EXERCISE GOAL:
In the records below, find the line with "main class: Woodland" and the line with "tree height: > 5 m"; return exactly those lines and every line between them.

DATA EXCERPTS:
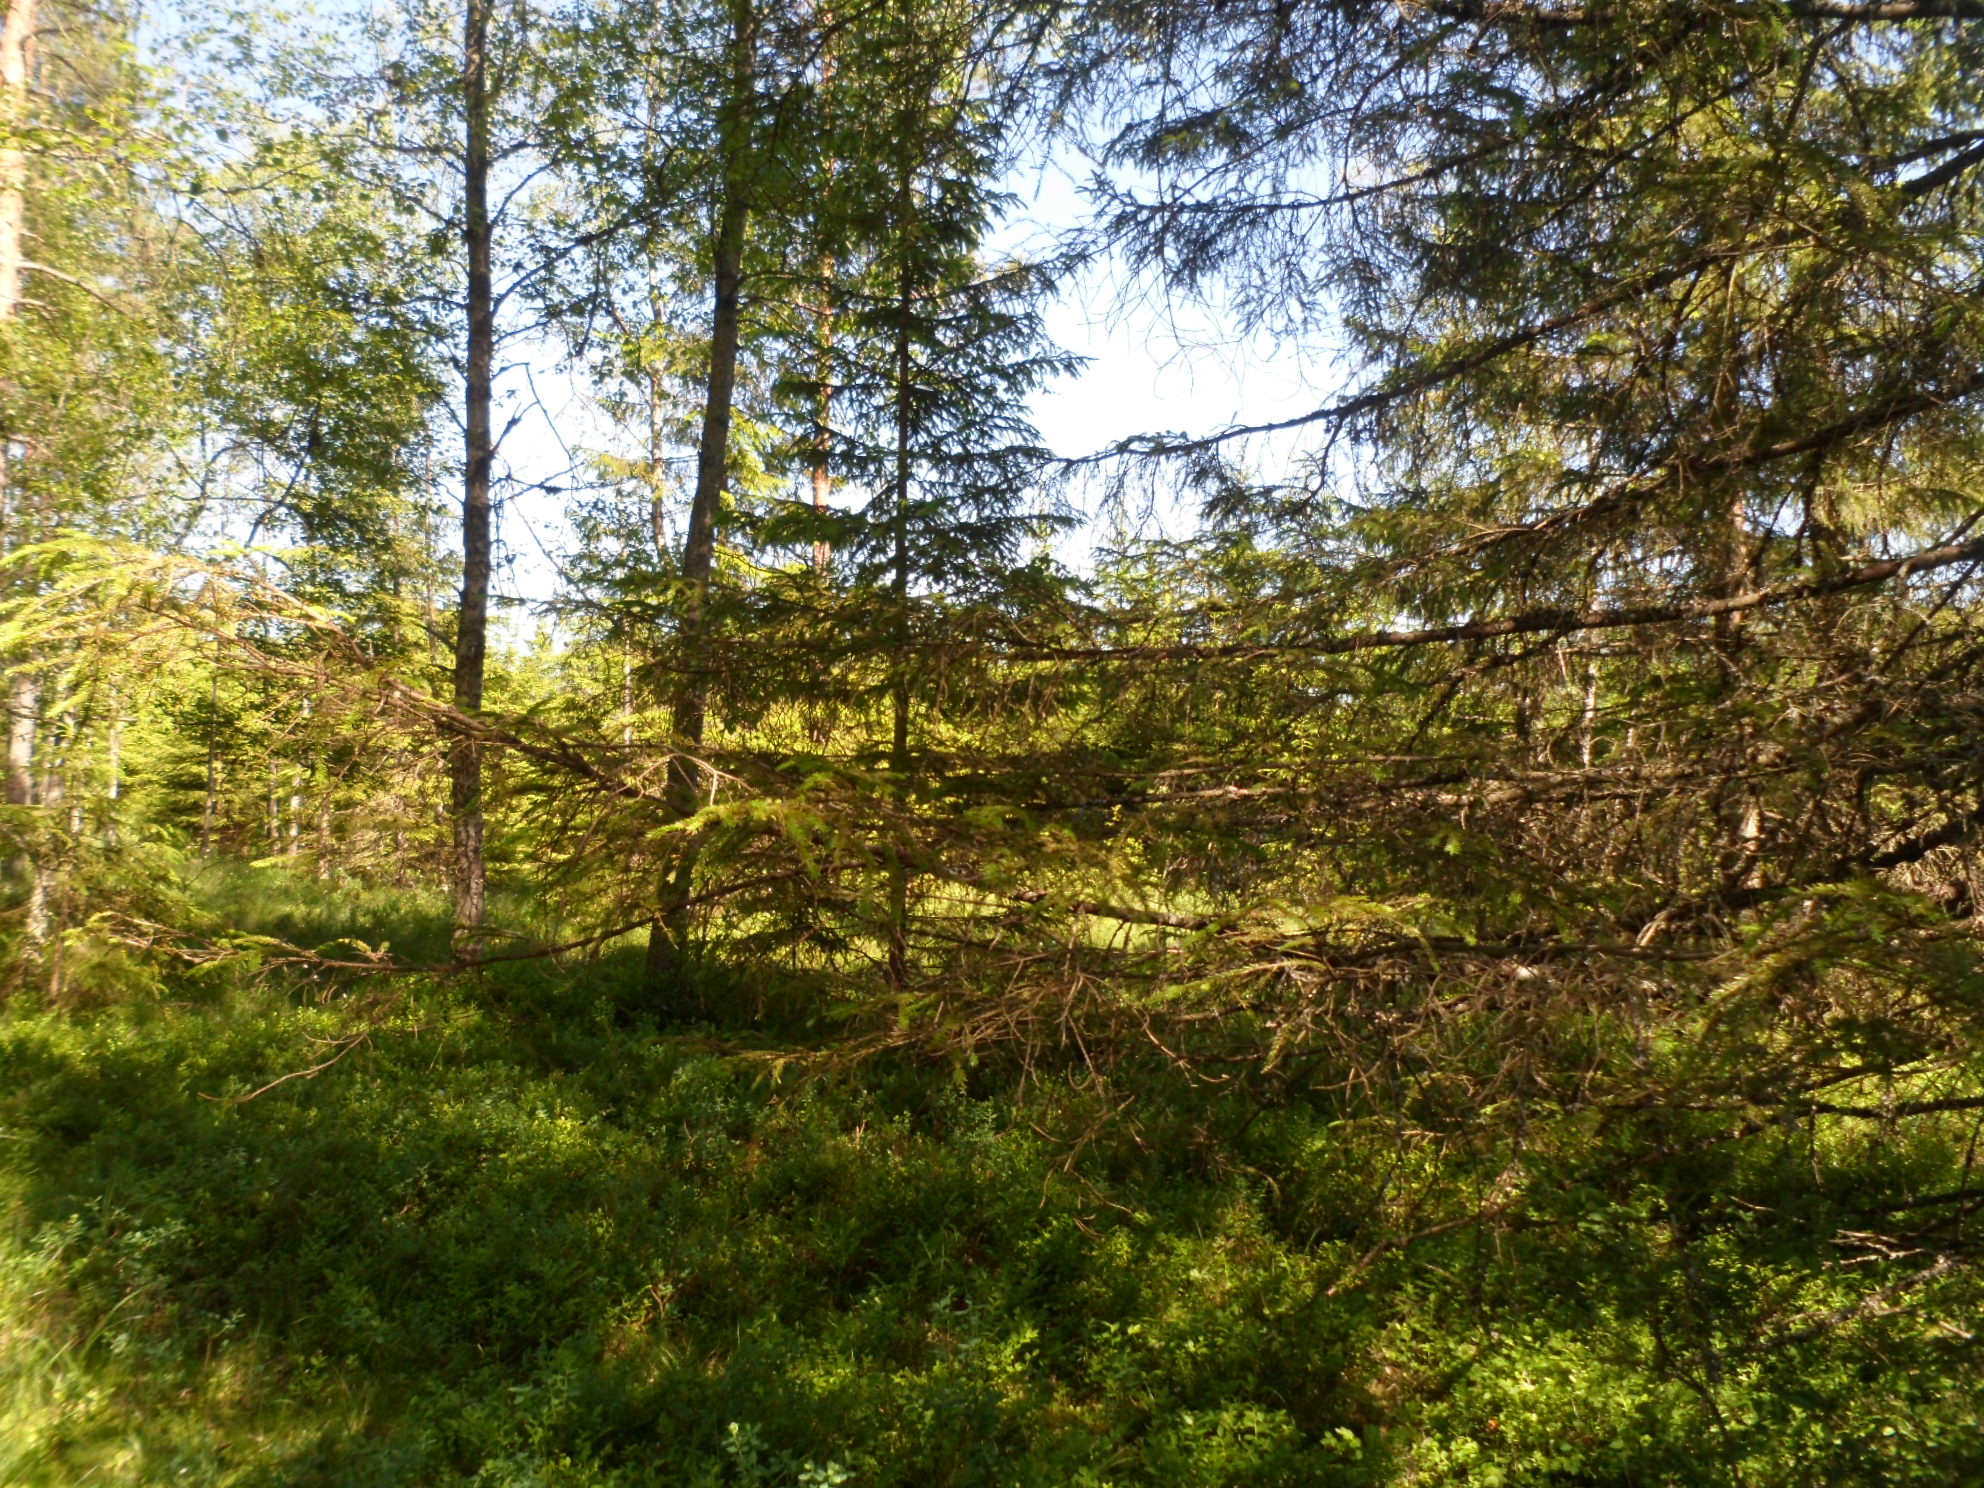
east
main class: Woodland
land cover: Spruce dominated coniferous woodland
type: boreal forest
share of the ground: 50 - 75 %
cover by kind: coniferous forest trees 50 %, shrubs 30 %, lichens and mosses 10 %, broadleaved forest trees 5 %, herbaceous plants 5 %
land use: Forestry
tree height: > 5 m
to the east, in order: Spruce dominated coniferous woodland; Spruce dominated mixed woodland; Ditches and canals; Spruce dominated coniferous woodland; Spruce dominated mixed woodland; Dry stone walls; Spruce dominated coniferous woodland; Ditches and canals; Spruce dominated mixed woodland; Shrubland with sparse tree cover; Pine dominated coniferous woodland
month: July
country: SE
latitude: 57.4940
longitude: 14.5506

--

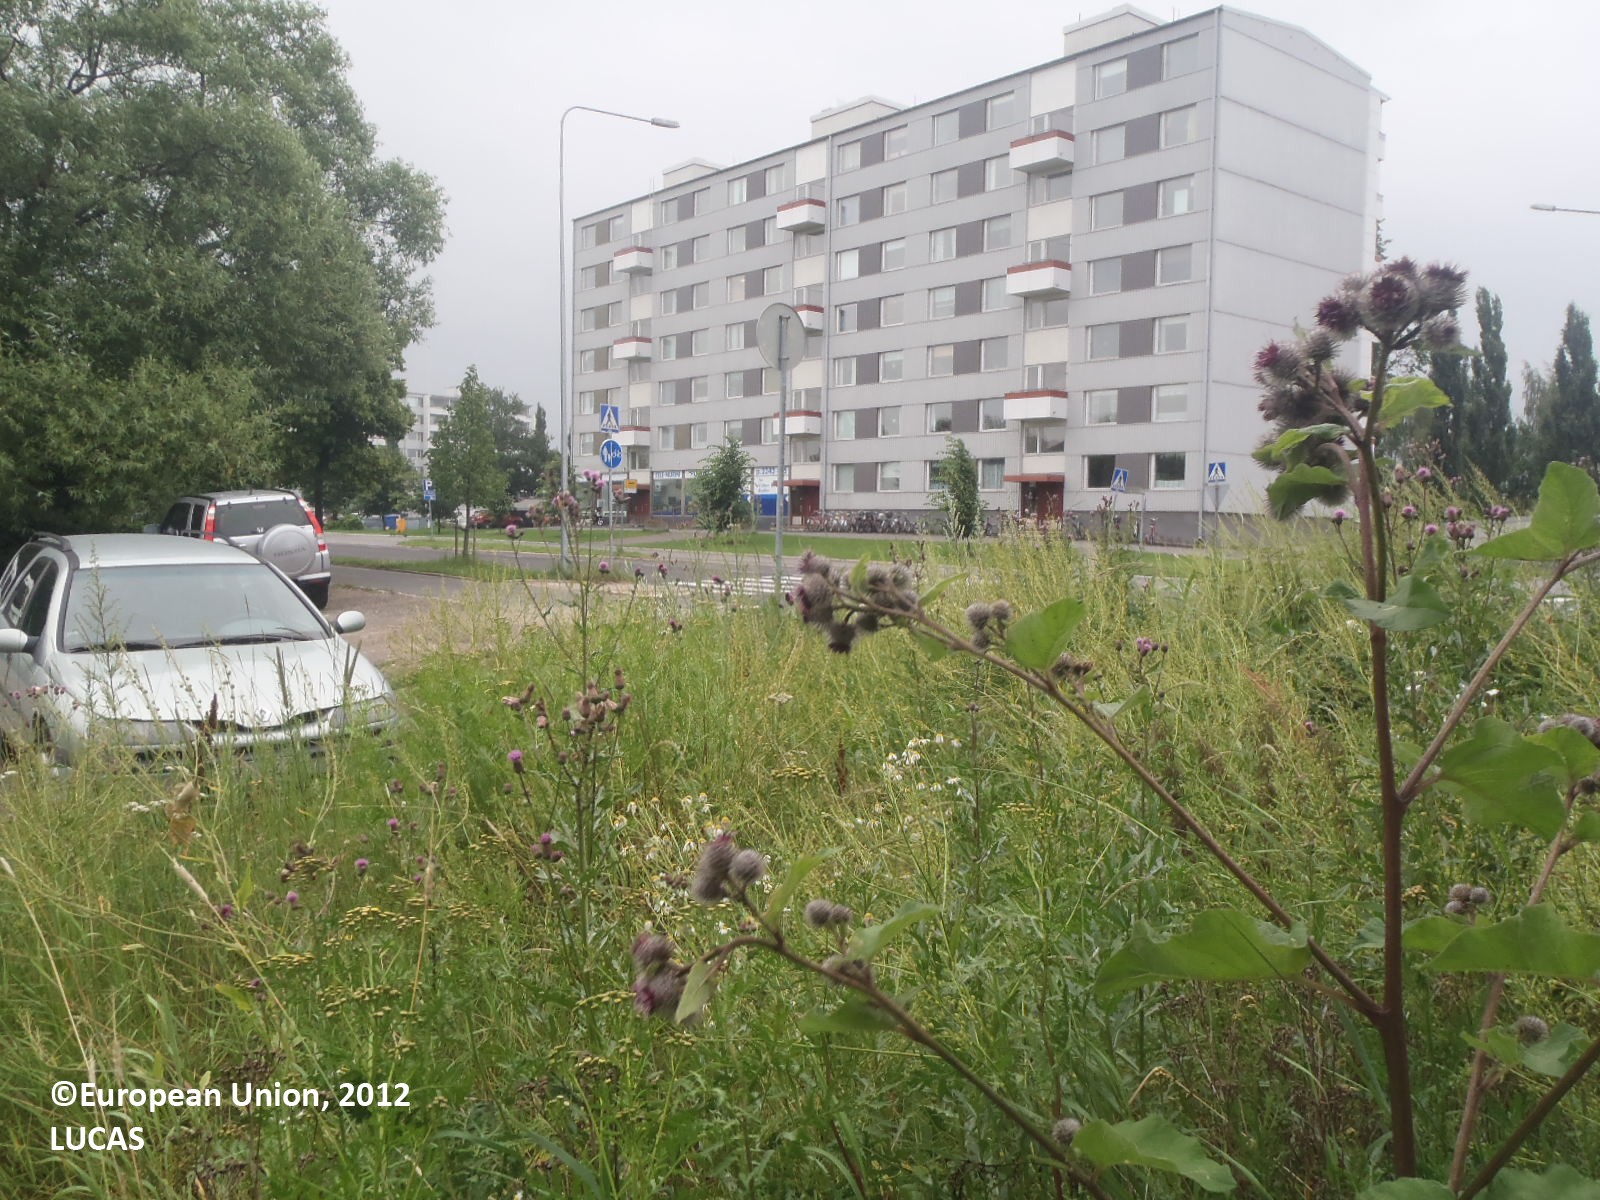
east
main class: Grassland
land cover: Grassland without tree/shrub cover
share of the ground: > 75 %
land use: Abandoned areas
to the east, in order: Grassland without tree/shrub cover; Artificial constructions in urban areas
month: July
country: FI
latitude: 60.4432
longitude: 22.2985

TASK RESULT:
main class: Woodland
land cover: Spruce dominated coniferous woodland
type: boreal forest
share of the ground: 50 - 75 %
cover by kind: coniferous forest trees 50 %, shrubs 30 %, lichens and mosses 10 %, broadleaved forest trees 5 %, herbaceous plants 5 %
land use: Forestry
tree height: > 5 m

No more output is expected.